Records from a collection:
※
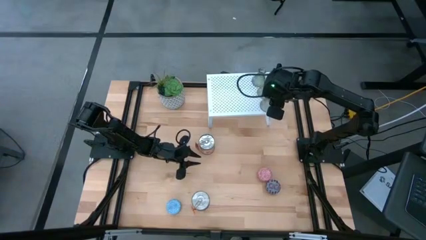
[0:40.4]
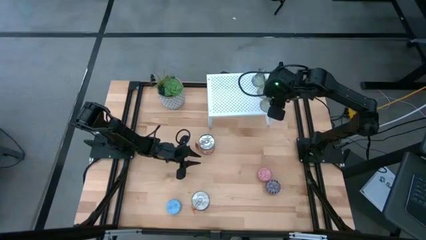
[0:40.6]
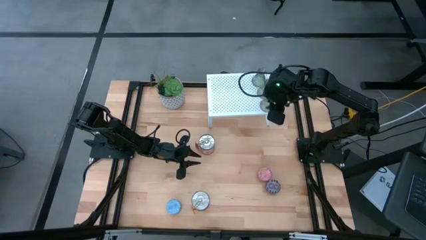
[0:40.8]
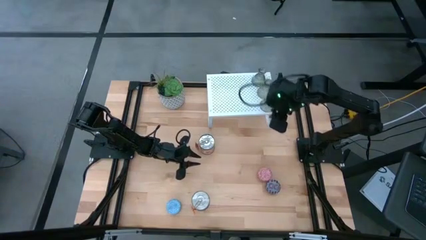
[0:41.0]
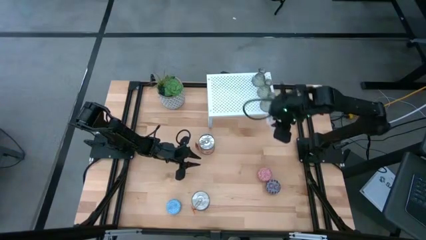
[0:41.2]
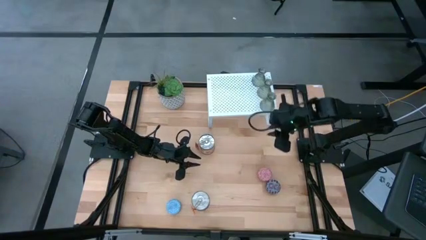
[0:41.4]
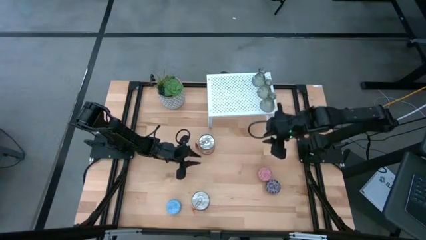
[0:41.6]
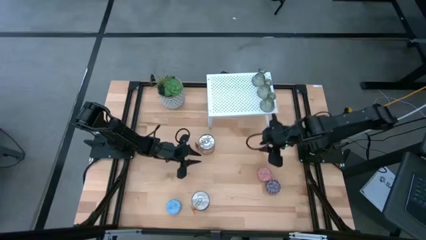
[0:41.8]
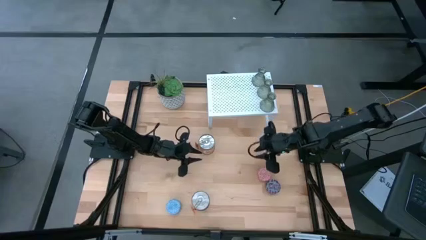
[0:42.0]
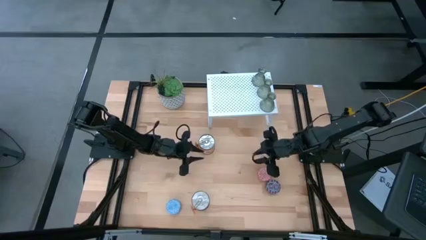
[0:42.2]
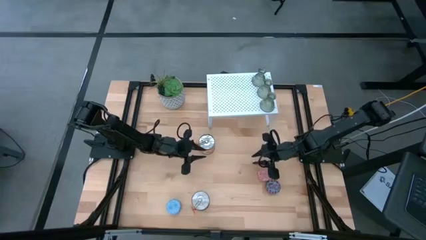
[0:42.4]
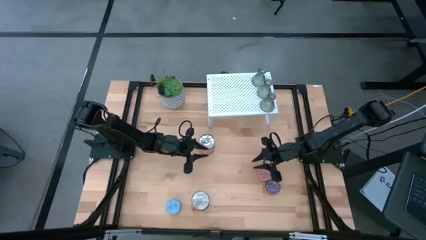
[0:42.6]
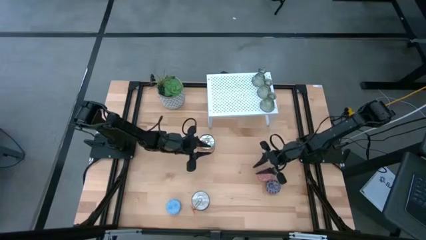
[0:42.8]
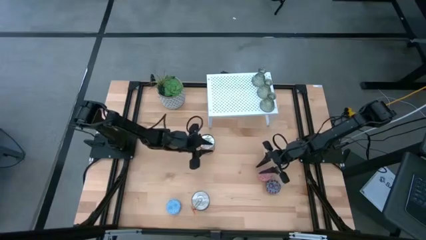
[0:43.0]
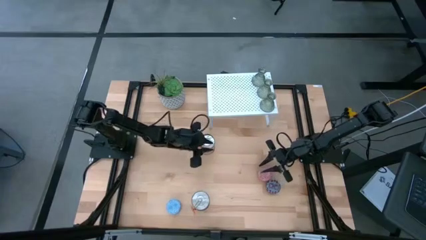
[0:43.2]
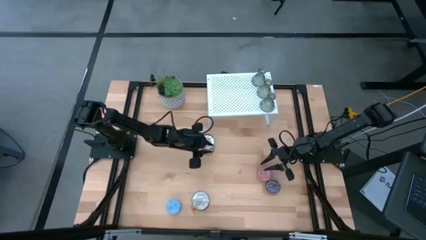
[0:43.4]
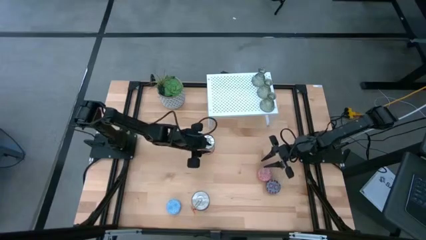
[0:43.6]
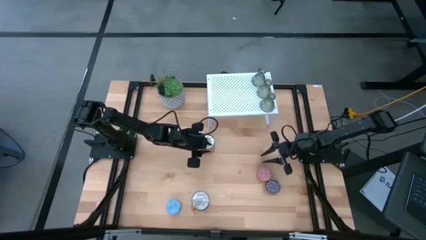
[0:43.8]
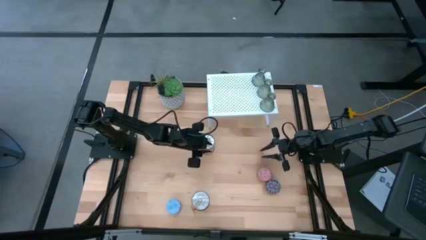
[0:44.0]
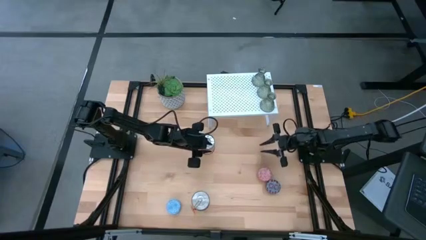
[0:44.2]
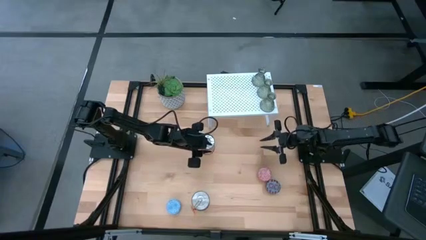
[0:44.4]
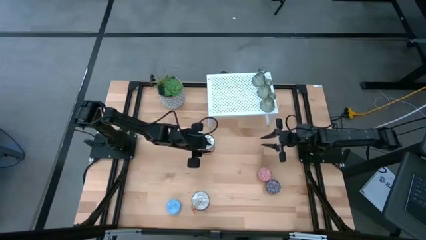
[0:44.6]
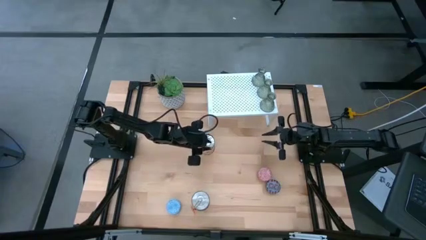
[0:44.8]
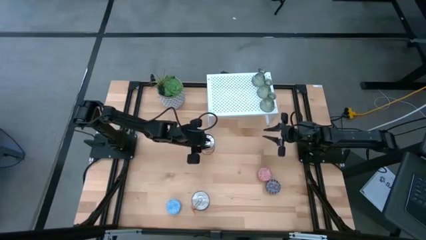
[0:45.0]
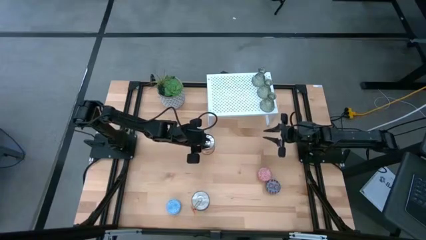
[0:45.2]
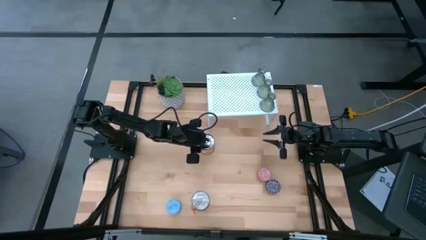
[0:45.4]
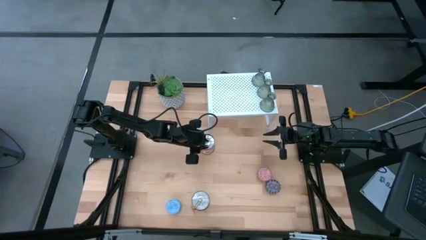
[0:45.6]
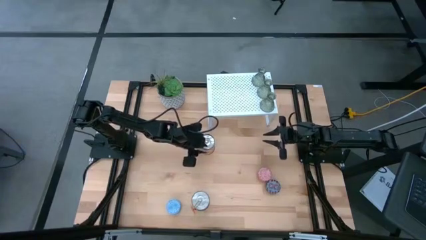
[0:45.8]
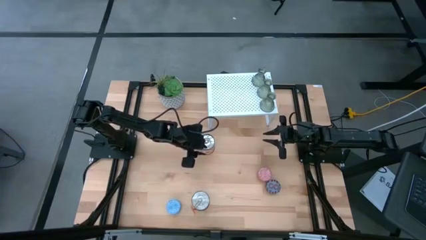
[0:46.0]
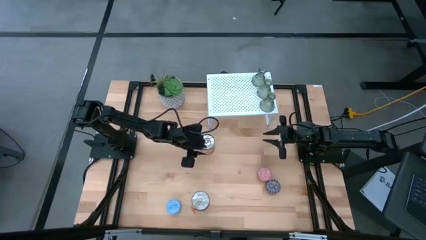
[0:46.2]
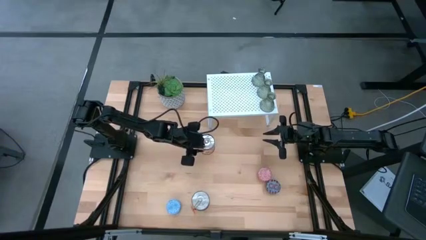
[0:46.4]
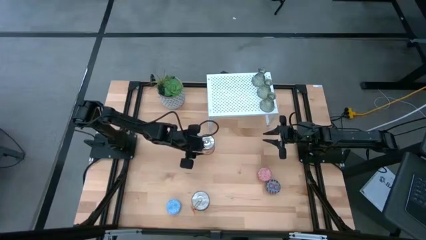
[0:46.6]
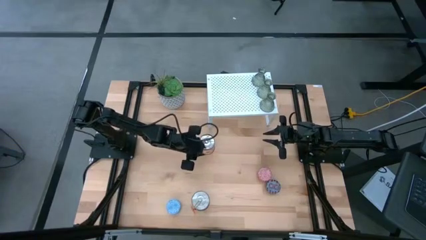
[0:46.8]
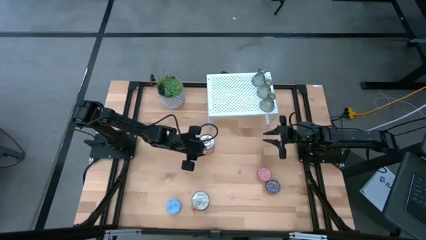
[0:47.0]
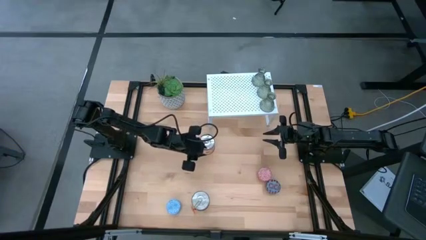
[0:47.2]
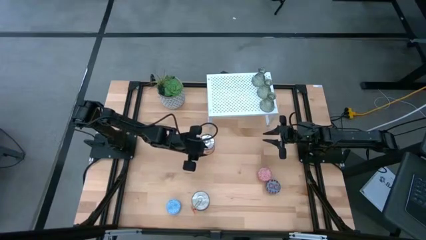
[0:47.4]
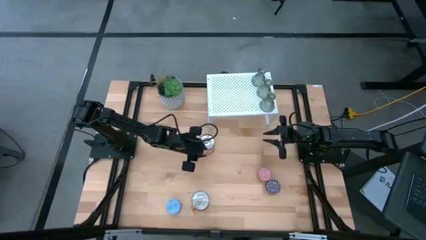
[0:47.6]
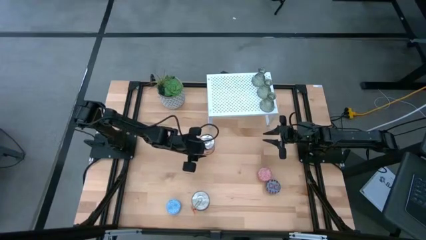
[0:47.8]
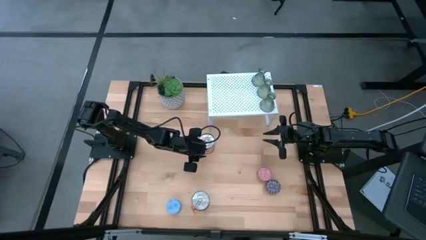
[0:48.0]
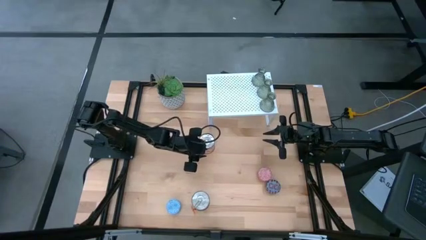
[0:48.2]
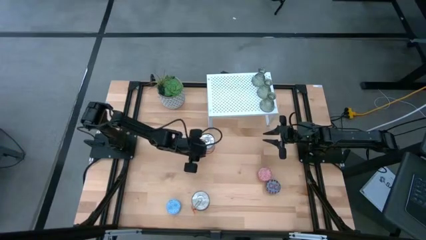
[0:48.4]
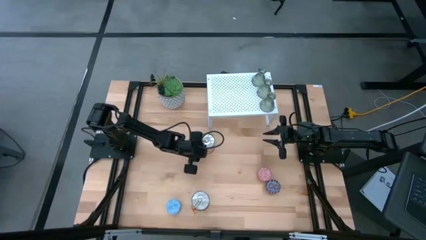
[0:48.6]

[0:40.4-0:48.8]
Task: Pick & Place candle stick holders
Put the top silver scented candle on the shelf
※
### [WHAT THIS TASK INVOLVES]
An exact copy of every entry above is needed, minus the pictures.

### [RESULT FOR THIS EXERCISE]
[0:40.4]
[0:40.6]
[0:40.8]
[0:41.0]
[0:41.2]
[0:41.4]
[0:41.6]
[0:41.8]
[0:42.0]
[0:42.2]
[0:42.4]
[0:42.6]
[0:42.8]
[0:43.0]
[0:43.2]
[0:43.4]
[0:43.6]
[0:43.8]
[0:44.0]
[0:44.2]
[0:44.4]
[0:44.6]
[0:44.8]
[0:45.0]
[0:45.2]
[0:45.4]
[0:45.6]
[0:45.8]
[0:46.0]
[0:46.2]
[0:46.4]
[0:46.6]
[0:46.8]
[0:47.0]
[0:47.2]
[0:47.4]
[0:47.6]
[0:47.8]
[0:48.0]
[0:48.2]
[0:48.4]
[0:48.6]

[0:40.4-0:48.8]
Task: Pick & Place candle stick holders
Put the top silver scented candle on the shelf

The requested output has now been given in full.